Georgia Church Leaves United Methodist Over LGBTQ Clergy, Same-Sex Marriage
A local church in Georgia that supports LGBTQ rights says it is splitting from the United Methodist Church, becoming the first congregation in the country to act on a growing rift between progressives and conservatives within the denomination.
Asbury Memorial Church in Savannah announced Thursday that it was disaffiliating with the UMC, which moved last year to reaffirm rather than drop a ban on LGBTQ clergy and same-sex weddings, disappointing many liberal-minded congregants.
The church said in a statement that it believes it is the first U.S. church to leave the denomination over UMC's "unequal treatment of LGBTQ people."

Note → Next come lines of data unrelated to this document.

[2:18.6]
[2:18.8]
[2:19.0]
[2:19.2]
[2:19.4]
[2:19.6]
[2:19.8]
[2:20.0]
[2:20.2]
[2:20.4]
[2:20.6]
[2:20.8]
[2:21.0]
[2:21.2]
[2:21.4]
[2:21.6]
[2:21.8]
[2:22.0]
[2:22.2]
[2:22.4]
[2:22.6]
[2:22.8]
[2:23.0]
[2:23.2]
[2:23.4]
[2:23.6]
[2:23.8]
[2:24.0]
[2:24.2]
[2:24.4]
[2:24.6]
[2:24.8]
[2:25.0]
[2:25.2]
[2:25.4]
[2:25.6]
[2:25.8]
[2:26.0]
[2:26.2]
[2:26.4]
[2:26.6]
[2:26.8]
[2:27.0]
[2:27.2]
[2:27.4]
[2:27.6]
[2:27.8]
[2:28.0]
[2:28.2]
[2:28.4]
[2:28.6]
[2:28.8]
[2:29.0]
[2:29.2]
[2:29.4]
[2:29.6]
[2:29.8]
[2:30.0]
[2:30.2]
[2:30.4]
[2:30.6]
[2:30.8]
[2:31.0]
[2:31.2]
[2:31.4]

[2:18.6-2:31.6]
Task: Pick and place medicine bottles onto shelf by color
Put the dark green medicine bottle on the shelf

It said that the UMC's South Georgia Conference last month voted to allow it to split and that Asbury "looks forward to a bright future as an independent non-denominational church."
A message on the church's website to "our LGBTQ+ community" apologized "for the harm the United Methodist Church has done."

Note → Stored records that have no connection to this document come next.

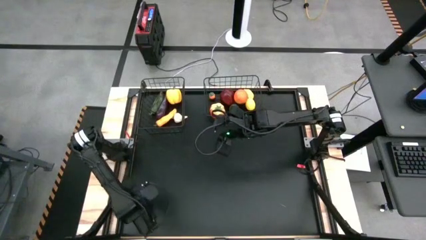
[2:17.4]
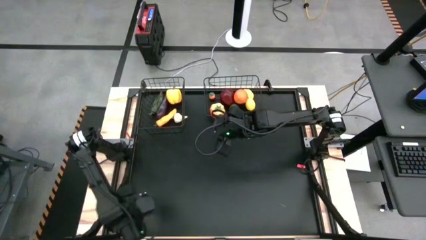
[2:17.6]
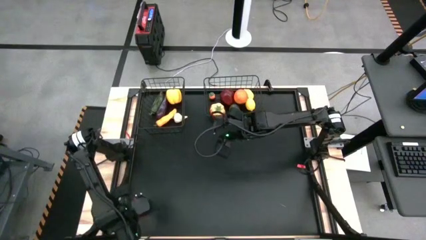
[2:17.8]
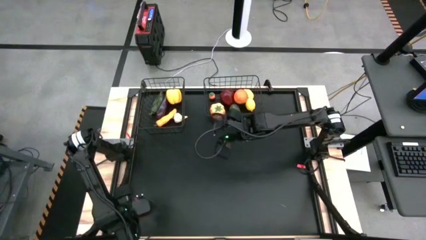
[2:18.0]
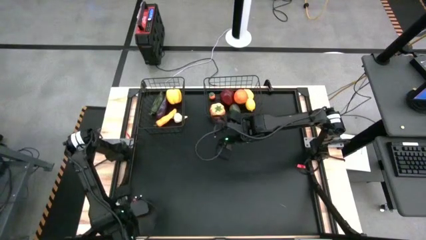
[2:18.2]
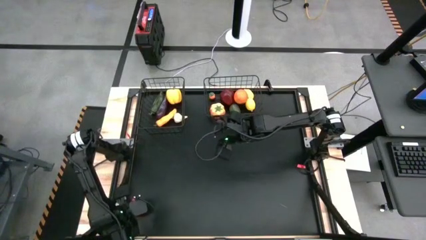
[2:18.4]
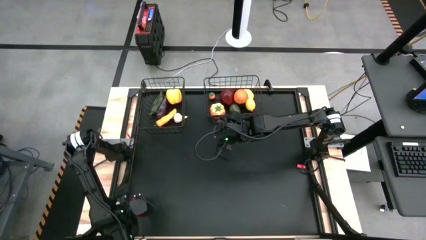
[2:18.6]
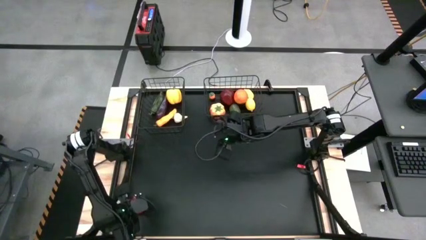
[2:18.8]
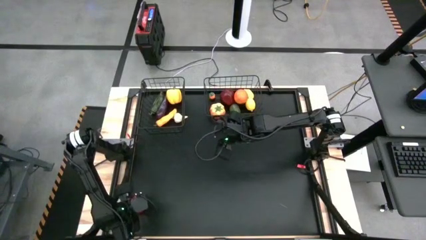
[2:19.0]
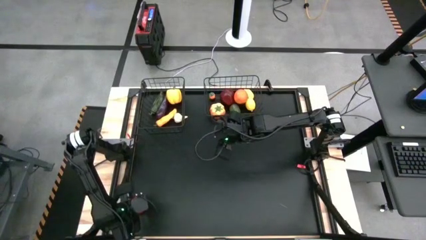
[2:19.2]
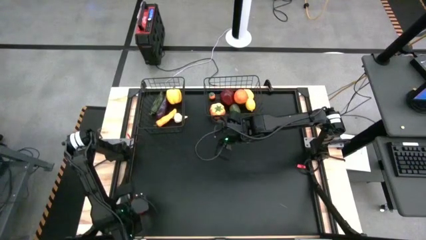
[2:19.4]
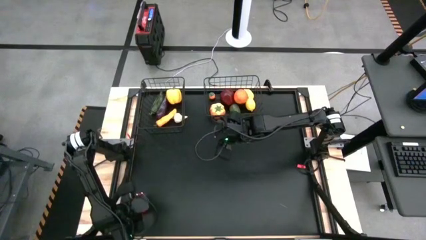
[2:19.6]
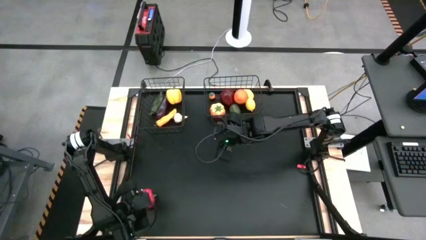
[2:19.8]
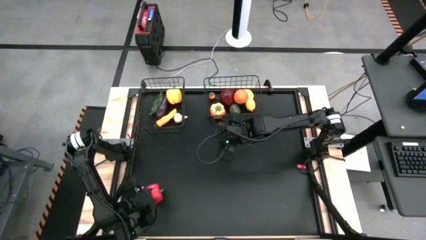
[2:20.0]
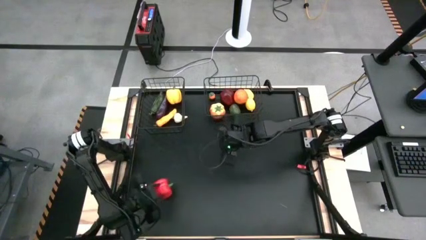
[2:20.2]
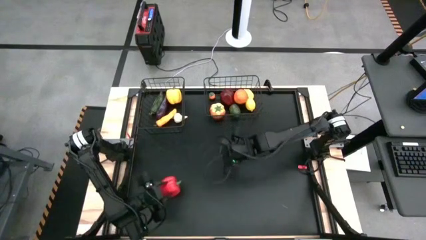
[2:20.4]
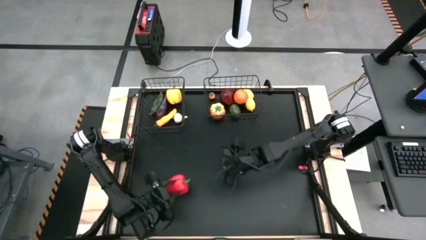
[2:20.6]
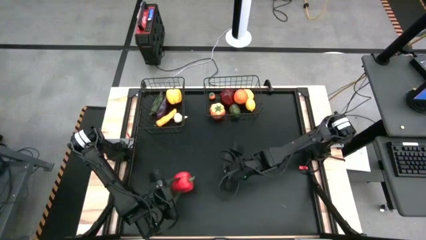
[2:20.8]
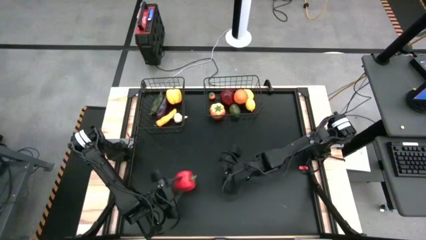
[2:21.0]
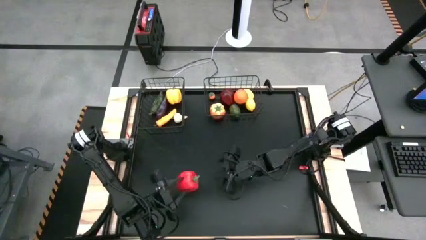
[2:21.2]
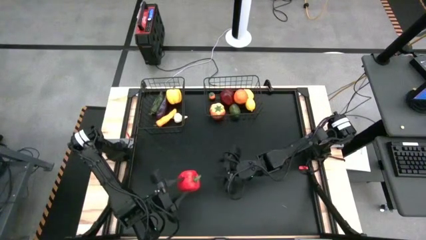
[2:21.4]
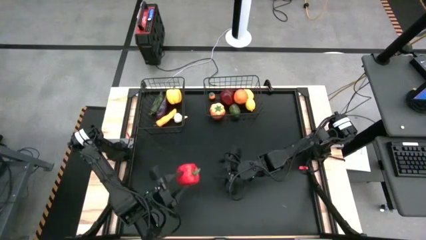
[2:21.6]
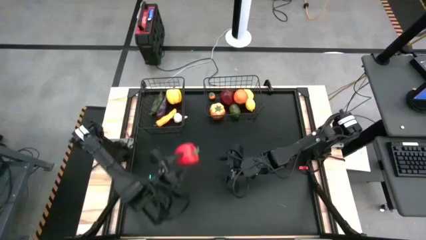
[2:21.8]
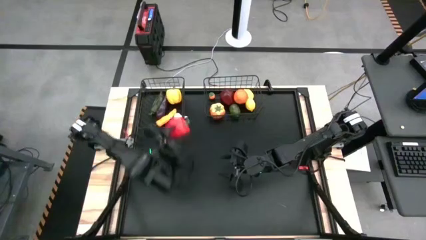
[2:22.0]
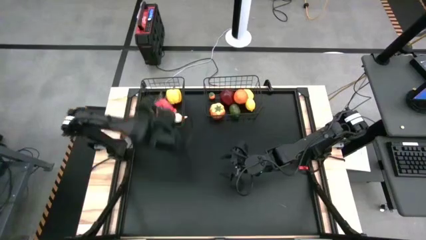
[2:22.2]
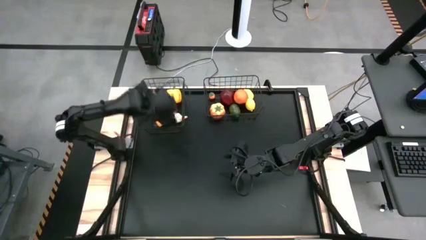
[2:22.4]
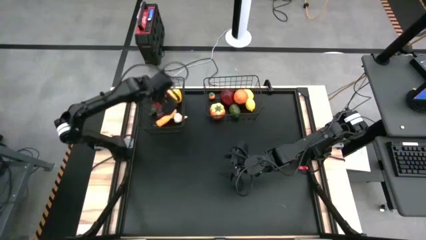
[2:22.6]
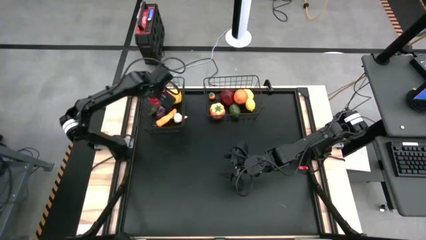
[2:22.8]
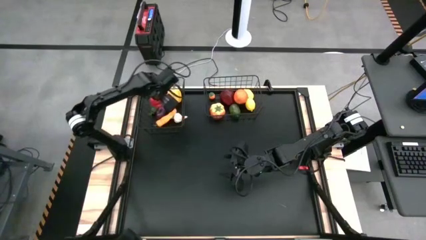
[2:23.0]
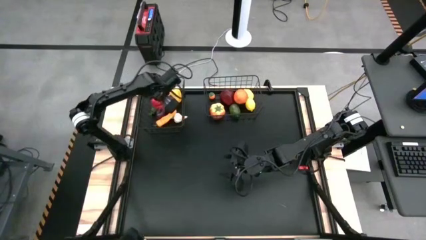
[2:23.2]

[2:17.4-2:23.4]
Task: Sort produce into baskets
Put the red bell pepper into the left black wire basket

"You are beloved. You matter. We affirm whom you love. You are a gift to the Church. We will keep working to make it right. We need you," it said.
For decades, the United Methodist Church has maintained that homosexual activity is immoral, as it barred gays and lesbians from serving as clergy, and opposed same sex marriage.
UMC leaders last year voted down a move to ease those restrictions, known as the One Church Plan and instead passed what was called the Traditional Plan, which reaffirmed the denomination's existing stance.
The United Methodist Church, with some 13 million members worldwide, about half of them in the U.S., had planned to meet in May to vote on formalizing a schism that would split the denomination in two — one that would continue to ban gay clergy and same-sex marriage and the other taking the more liberal path.
However, the COVID-19 pandemic caused a postponement of the meeting leaving the question in limbo.
A 2014 survey by the Pew Research Center found that 60% of United Methodists said homosexuality should be acceptable in society, up from just 51% in 2007. It also found that nearly half (49%) supported legalizing same-sex marriage.
The United Methodist Church is a mainline Protestant denomination created in 1968 in Dallas, Texas, although Methodism dates back to John and Charles Wesley in the 1700s.